Nuts, Bolts, and Pitfalls of Carbon Pricing: An Equity-Based Primer on Paying to Pollute

A man stands in the foreground of a neighborhood with brick multifamily buildings and smoke stacks on the horizon.

While carbon pricing and emissions trading schemes have been a part of climate policy discussions for decades, the concept has gained popularity in recent years. The term usually refers to two common policy mechanisms, "cap and trade" and a "carbon tax," which are market-based measures that create a carbon market by putting a tax, fee, or price on certain greenhouse gas emissions to give corporations an incentive to reduce these emissions. The questions we begin to ask, however, are around racial justice implications, including the extent to which these schemes phase out fossil fuel use and extraction – the ultimate solution to addressing the climate crisis. 

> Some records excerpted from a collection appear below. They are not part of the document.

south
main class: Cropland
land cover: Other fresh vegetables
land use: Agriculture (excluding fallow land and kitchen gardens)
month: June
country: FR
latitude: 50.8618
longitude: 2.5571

Nuts, Bolts, and Pitfalls of Carbon Pricing: An Equity-Based Primer on Paying to Pollute finds that carbon pricing and trading systems are not very effective or equitable measures for curbing carbon emissions.

Why Carbon Pricing and Trading Is a False Solution

Our research shows that these systems can often play out as what amounts to sophisticated international shell games, where little net decline in emissions occurs because the measures simply serve to transfer pollution from one location or one country to another, depending on who can afford to pollute.  Within the U.S., there is evidence that carbon pricing and trading can exacerbate existing inequalities by creating or worsening "sacrifice zones." These zones are communities, often with Black Indigenous, People of Color  (BIPOC) residents and households with low-income, in or near where significant fossil fuel-related pollution occurs. Thereby sacrificing the wellbeing of our communities to fuel the excesses of people living elsewhere.

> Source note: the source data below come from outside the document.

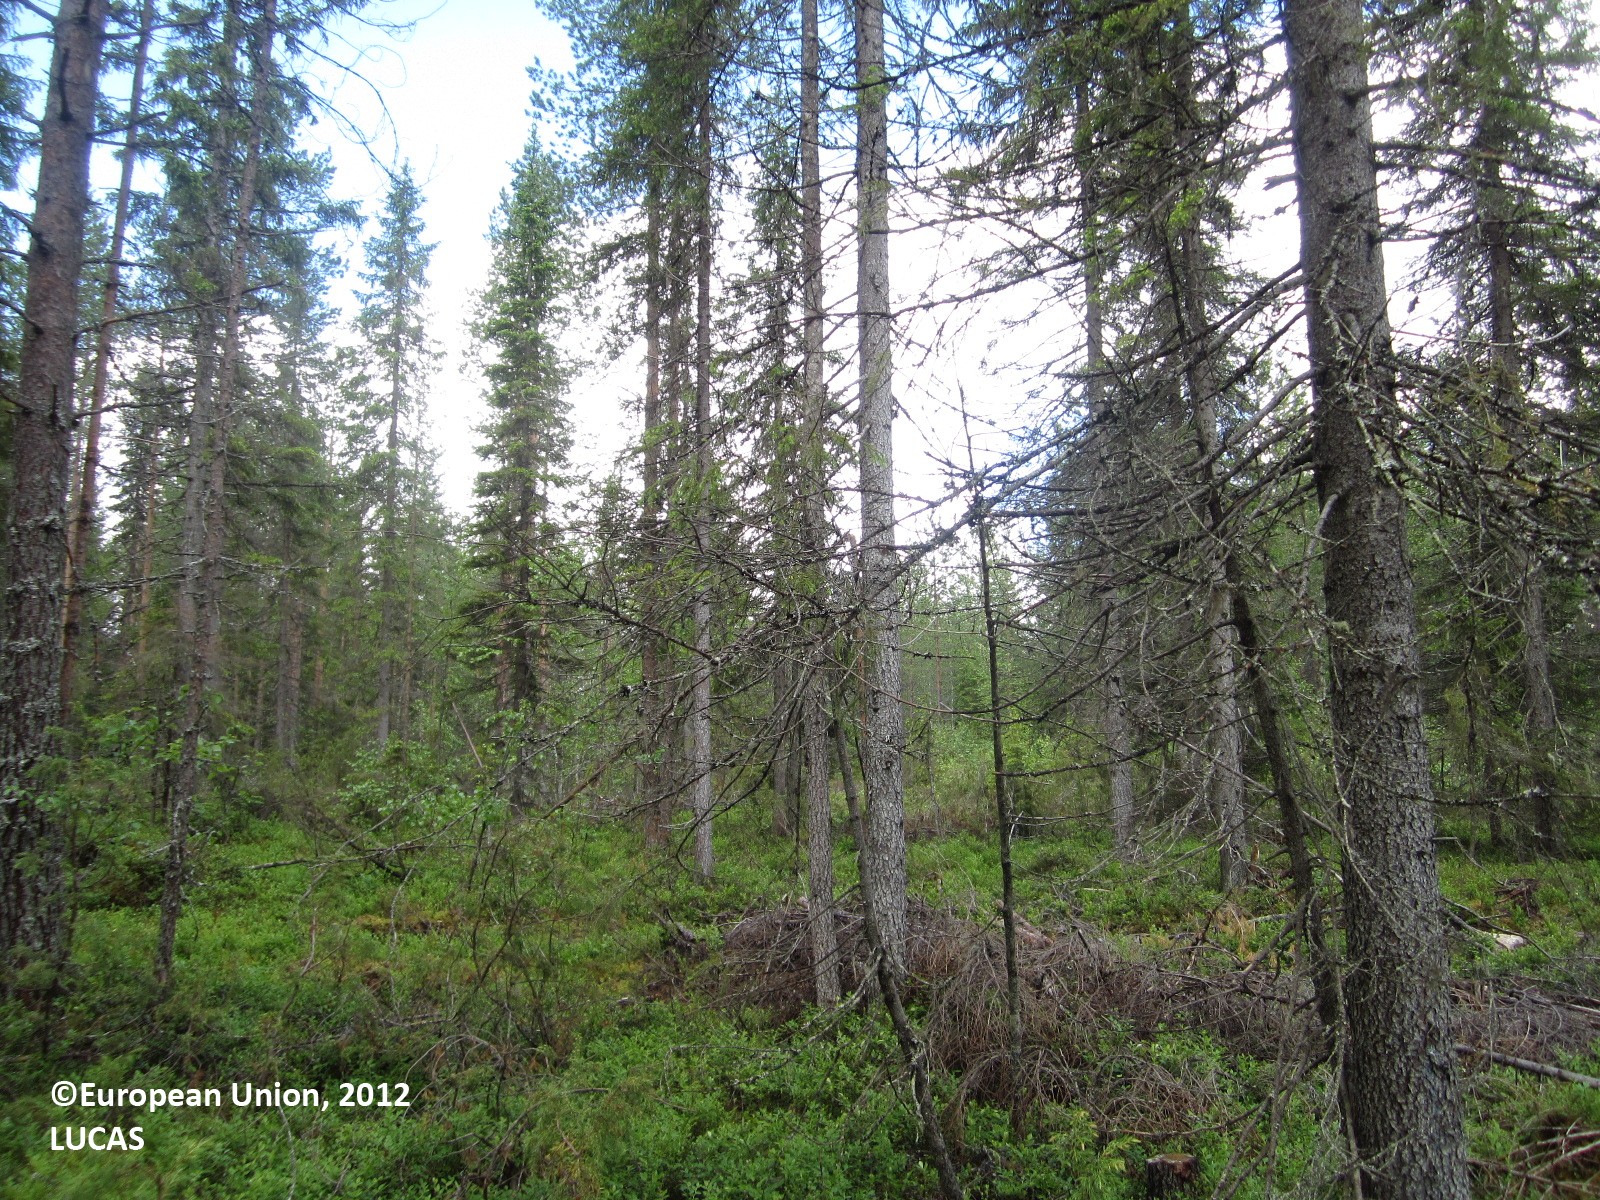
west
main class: Woodland
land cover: Spruce dominated coniferous woodland
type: boreal forest
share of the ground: > 75 %
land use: Forestry
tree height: > 5 m
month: June
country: FI
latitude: 64.4603
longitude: 29.6574

We shouldn't be discussing anything about fossil fuels in a just energy transition. That's plain and simple.

Katherine Egland, NAACP Environmental and Climate Justice Board Chair

As consensus grows around the urgency of the climate crisis, we're confronted with a range of false solutions that deepen inequalities and are insufficient to meet the scale and speed of needed changes. In many cases, the fight against climate change becomes a big business opportunity – with the same political and economic interests that are most responsible for the climate crisis championing supposed solutions. In fact, some of the worst environmental offenders co-opt the language of environmental advocates in order to protect their bottom line, neutralize climate legislation, and preserve the status quo. It is important to recognize that these false solutions not only fail to deliver on their environmental claims, but often worsen our ecological and economic crises.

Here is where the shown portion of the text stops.